### YOUR ASSIGNMENT:
Would you reproduce exactly the lines below from the one holding "land cover: Pine" through the one holding "longitude: 16.0375", inclusive, and no others?

[[ SOURCE MATERIAL open ]]

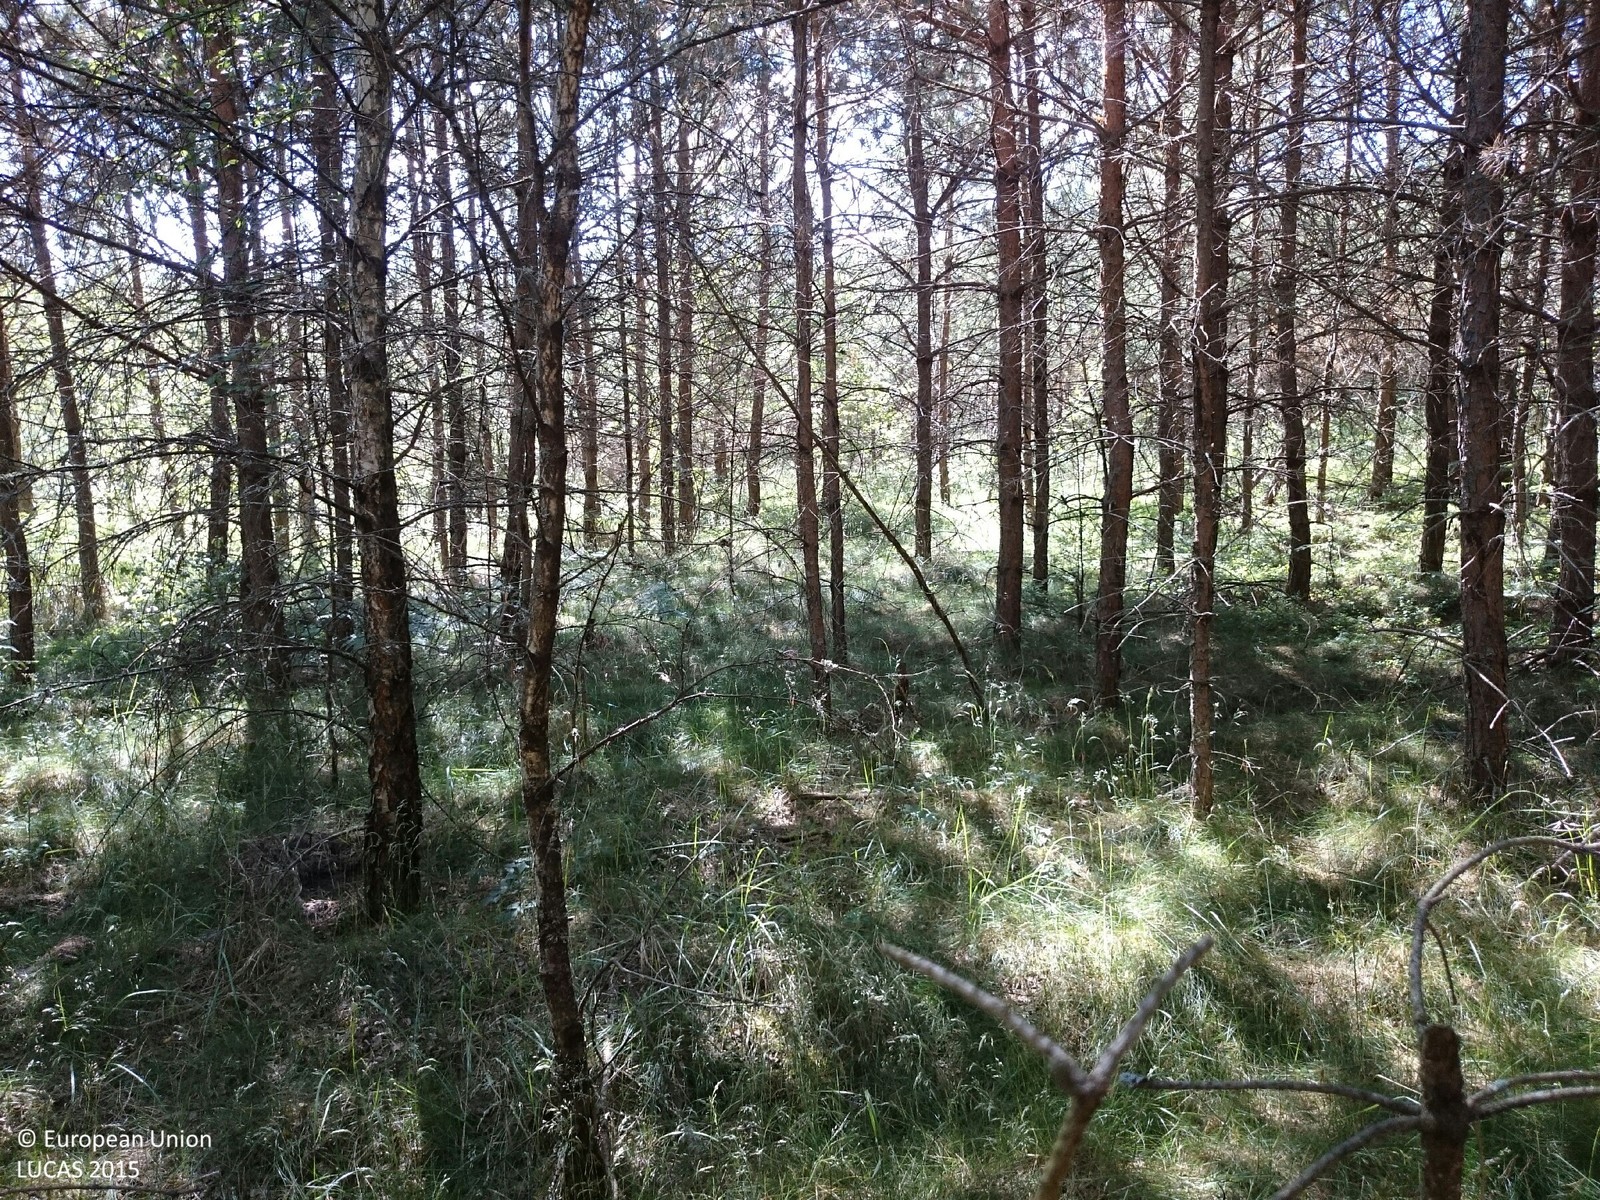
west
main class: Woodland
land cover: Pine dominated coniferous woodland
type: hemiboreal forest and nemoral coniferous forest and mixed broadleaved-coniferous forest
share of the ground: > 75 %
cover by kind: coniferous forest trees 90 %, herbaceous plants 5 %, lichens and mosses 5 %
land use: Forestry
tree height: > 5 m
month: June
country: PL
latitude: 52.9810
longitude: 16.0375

[[ SOURCE MATERIAL closed ]]
[[ SOURCE MATERIAL open ]]

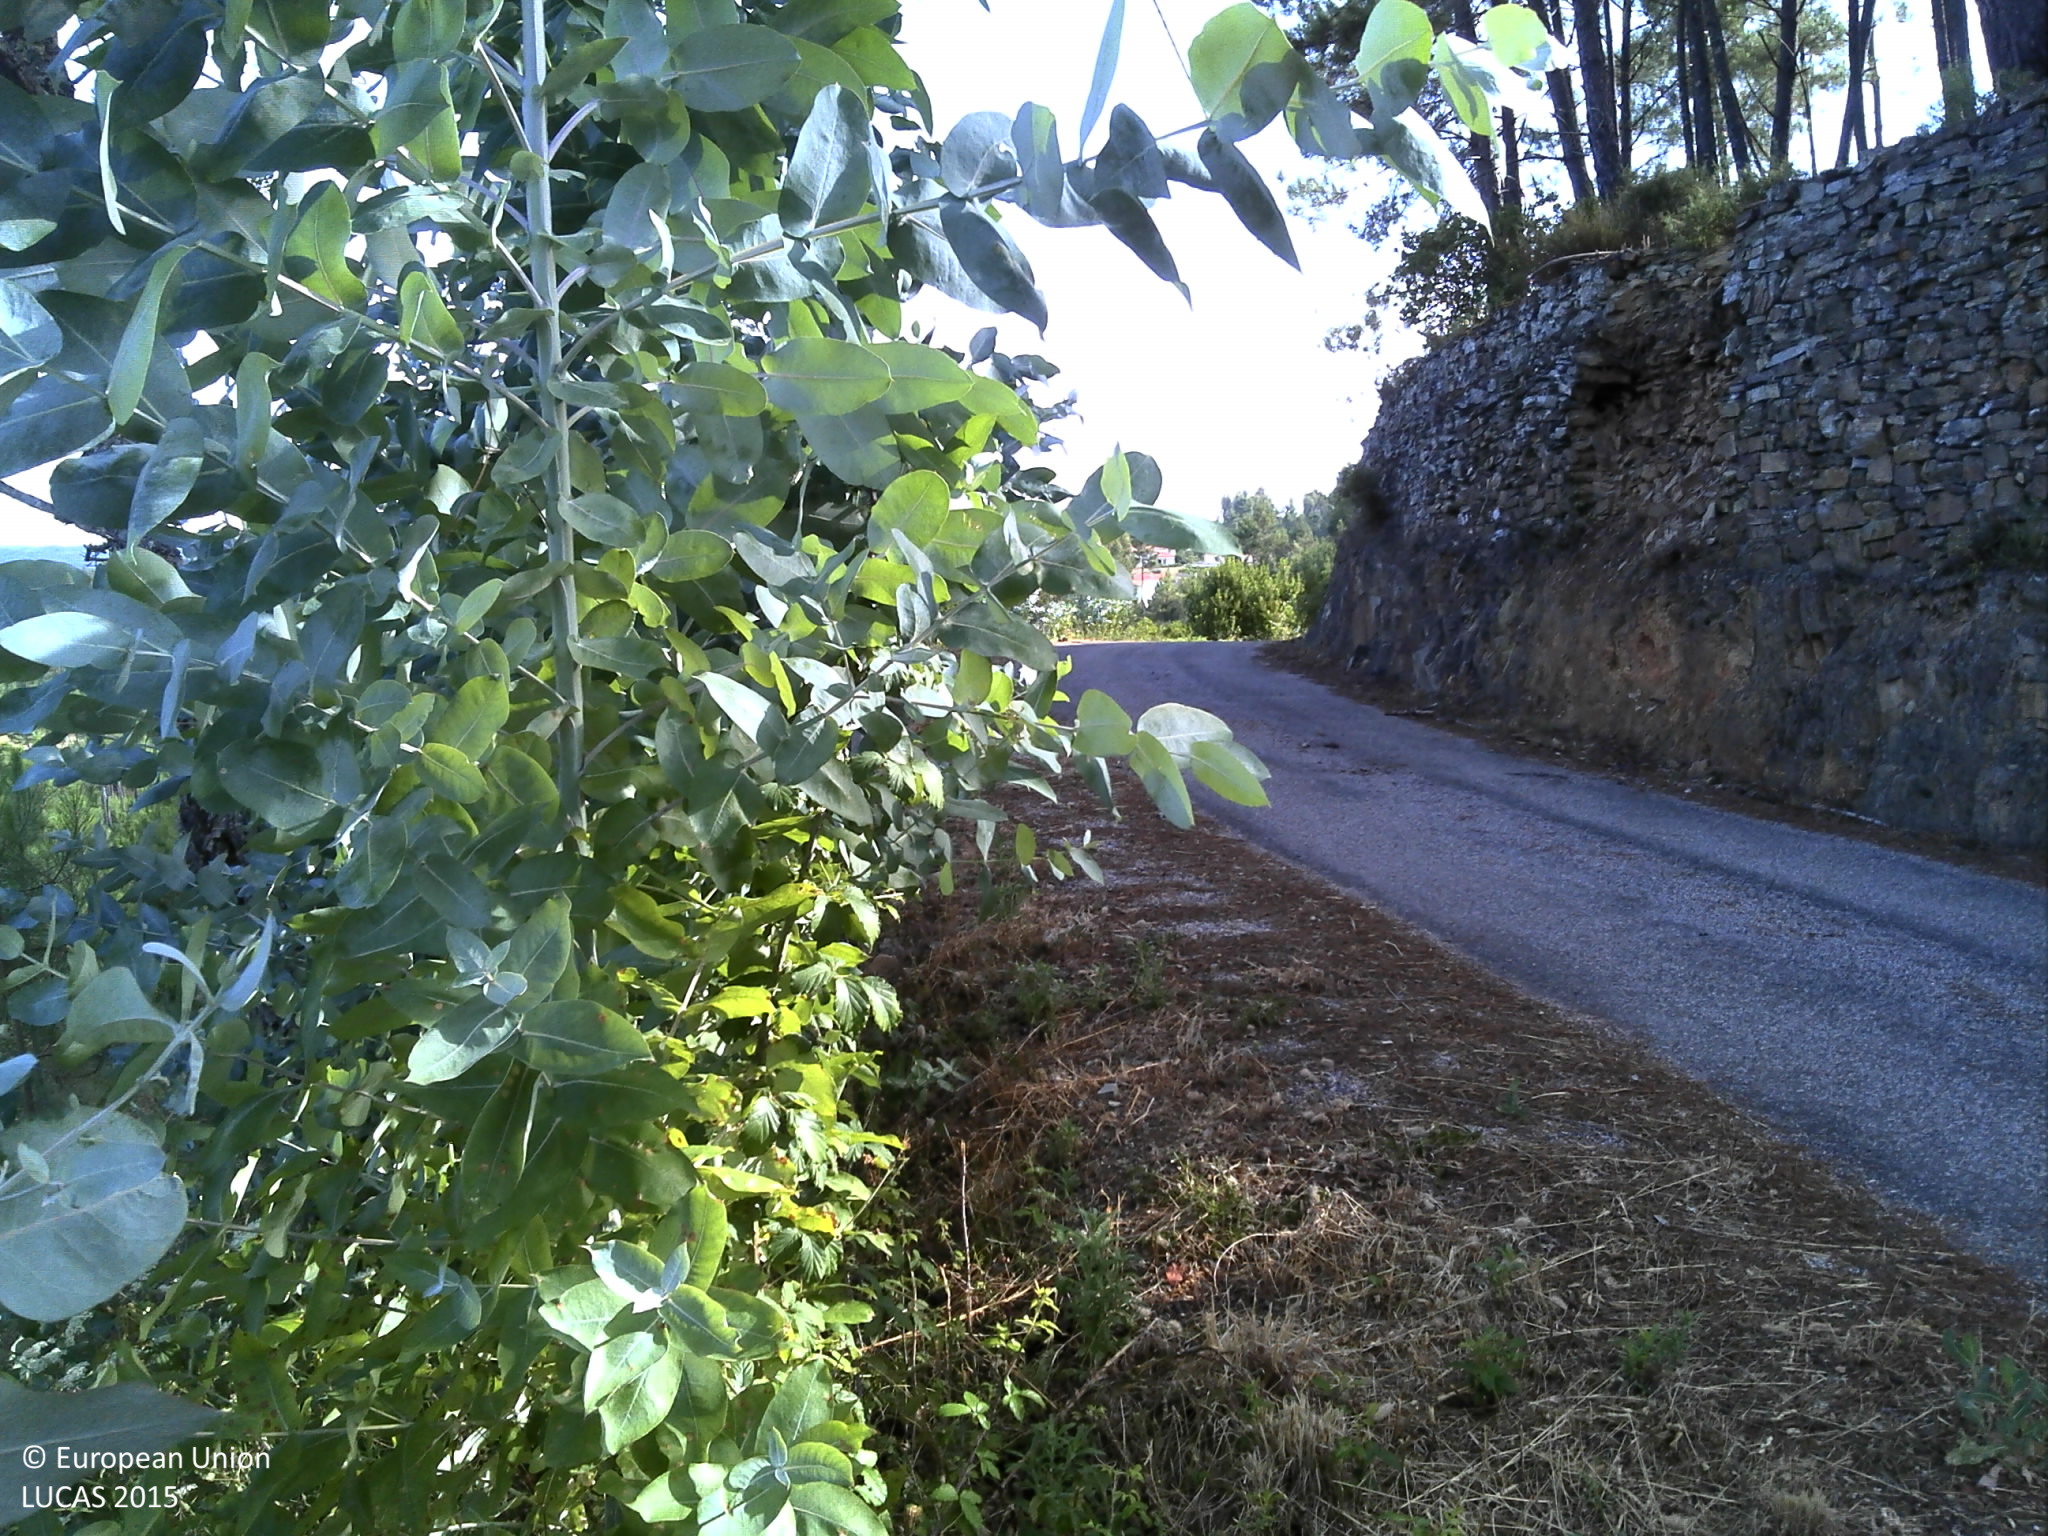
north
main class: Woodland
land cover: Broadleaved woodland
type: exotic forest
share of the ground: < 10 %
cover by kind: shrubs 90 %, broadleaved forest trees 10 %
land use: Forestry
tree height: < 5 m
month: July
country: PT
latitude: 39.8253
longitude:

[[ SOURCE MATERIAL closed ]]

### FINISHED EXERCISE:
land cover: Pine dominated coniferous woodland
type: hemiboreal forest and nemoral coniferous forest and mixed broadleaved-coniferous forest
share of the ground: > 75 %
cover by kind: coniferous forest trees 90 %, herbaceous plants 5 %, lichens and mosses 5 %
land use: Forestry
tree height: > 5 m
month: June
country: PL
latitude: 52.9810
longitude: 16.0375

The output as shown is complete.